The reason why people don’t like winter is very often connected to the certain weather, which they are used to having around that time of the year. Although I live in Germany (where the weather in winter is usually not that nice:D), I still love winter. Why? Well, because I basically grew up in snow. Since I was three years old, every single year over Christmas and New Year’s we’ve been going on skiing holidays. I learned how to ski before I learned how to walk! So, whenever I think about winter, my thoughts always slide back to all my lovely memories I made in the snow. I think of all the marvellous times with my family and friends in the beautiful mountains. I think of all the funny stories we can tell about the time on the slopes and the ski huts. And I also think about the place we go, the same place every year, where I meet the kindest and loveliest people who know me since I’ve been a little girl, and who always make me feel like home whenever I am there. So, it does not matter how depressingly grey and rainy the weather is in Germany, every year I look forward to winter because I know I will be going to the mountains (and the snow) very soon.

Winter fashion

I am aware that putting on like a thousand layers in winter can be very annoying. But still, there are more things to love than hate about fashion in winter. First of all, the coats and the boots. Ladies, be honest, there is nothing more stylish than a pretty winter coat, which is super soft on the inside, matched with the most gorgeous pair of winter boots. I, personally, am not the biggest fashion girl. I occasionally dress up, but my style is mostly casual and sporty. But in winter, I just love dressing up so much. A black dress with tights, over knee socks, and stylish boots. Or a nice pair of jeans matched with a comfy oversized wool jumper. I don’t think I will ever get tired of dressing up in winter. Now second of all, my favourite winter essentials, bubble hats, gloves, and scarfs. I think I have a little obsession with scarfs and bubble hats, I feel like I have about a hundred of them, and I will never have enough. It is fascinating how much you can pimp your outfit with a scarf or a hat. And it keeps you so warm (and looks really cute).

Christmas

Finally, I would like to share with you my love and passion for the best holiday of the year. Not only the presents, the advent calendar, or the food are the main things I love about Christmas. It is the atmosphere, the magical spirit that I just adore. The cold, snowy darkness outside, and the cosy atmosphere inside. All the scented candles that make a whole room smell all Christmassy, the fairy lights, and all the cute Christmas decorations that make you wish it was Christmas every day. Of course, not to forget the great Christmas music, which is played every single day in December. Next to all those things, I have left out maybe the most important reason why I love Christmas so much: family. Christmas is a holiday, that makes you appreciate your healthy and beloved family so much. I don’t think there is any day of the year that I appreciate the company and love of my entire family than on Christmas. The holidays have something magical, something that makes you so thankful for everything you have in life.

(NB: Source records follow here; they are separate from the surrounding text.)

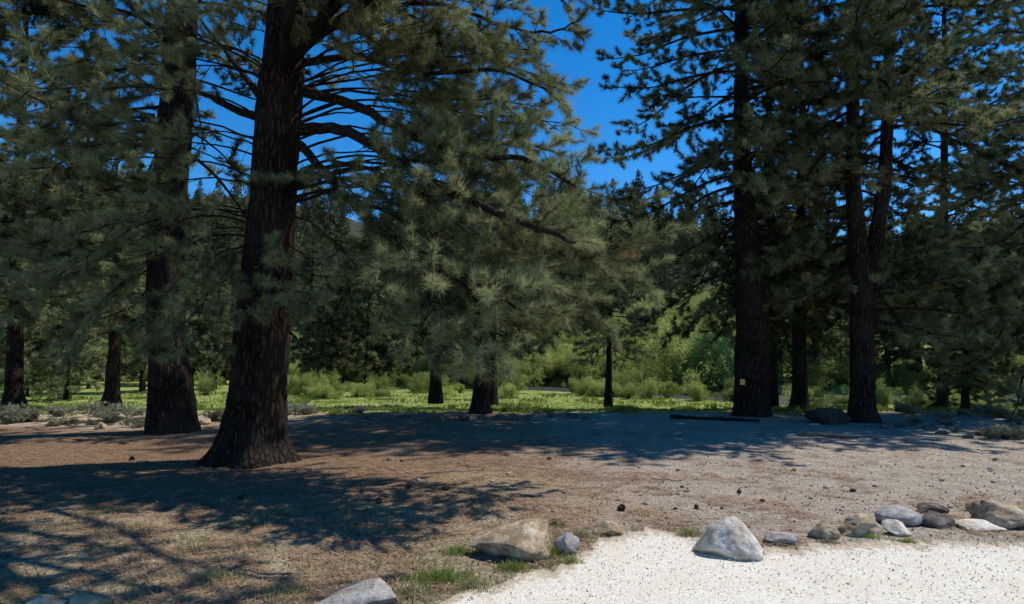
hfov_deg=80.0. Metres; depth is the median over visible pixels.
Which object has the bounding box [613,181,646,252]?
conifer tree
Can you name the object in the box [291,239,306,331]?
pine tree
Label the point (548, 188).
conifer tree
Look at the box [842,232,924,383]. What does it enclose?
pine tree
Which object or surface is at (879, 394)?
willow shrub
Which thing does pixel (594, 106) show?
sky
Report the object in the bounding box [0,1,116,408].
pine tree
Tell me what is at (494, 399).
pine tree
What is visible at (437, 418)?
rock
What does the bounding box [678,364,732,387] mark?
willow shrub
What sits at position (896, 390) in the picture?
willow shrub
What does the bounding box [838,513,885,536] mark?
rock
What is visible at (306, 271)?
pine tree
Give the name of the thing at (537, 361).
willow shrub
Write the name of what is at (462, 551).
grass clump
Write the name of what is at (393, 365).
willow shrub
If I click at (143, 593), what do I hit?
dry grass
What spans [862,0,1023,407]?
pine tree
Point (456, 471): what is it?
fallen twig
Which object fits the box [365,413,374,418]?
rock
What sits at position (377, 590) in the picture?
boulder
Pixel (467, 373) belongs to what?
willow shrub
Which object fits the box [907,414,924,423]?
sagebrush
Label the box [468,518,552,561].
boulder
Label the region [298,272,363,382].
pine tree
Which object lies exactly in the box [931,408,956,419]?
sagebrush
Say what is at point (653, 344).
willow shrub
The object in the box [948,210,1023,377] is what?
pine tree
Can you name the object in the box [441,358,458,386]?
willow shrub
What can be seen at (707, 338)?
willow shrub
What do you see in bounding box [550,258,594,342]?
pine tree
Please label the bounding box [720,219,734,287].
pine tree
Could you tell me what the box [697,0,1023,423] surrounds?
pine tree
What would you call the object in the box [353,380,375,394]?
willow shrub
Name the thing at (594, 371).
willow shrub
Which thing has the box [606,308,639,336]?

If you still don’t like winter or Christmas yet, just think about the gorgeous Christmas tree you will have, and all the presents underneath it 😛 ( and don’t forget the ginger bread and all the other yummy food you have on the holidays)

The photo was funnily taken in summer when we decided to see our favourite winter place also in summer for a change.  Yes, we went skiing in summer! It was about 25 degress in the village, but on the glacier it was around 5 degrees. That was a funny experience, but I prefer to ski in winter haha. But still, the landscape is just so stunning, I am in love with the pretty view.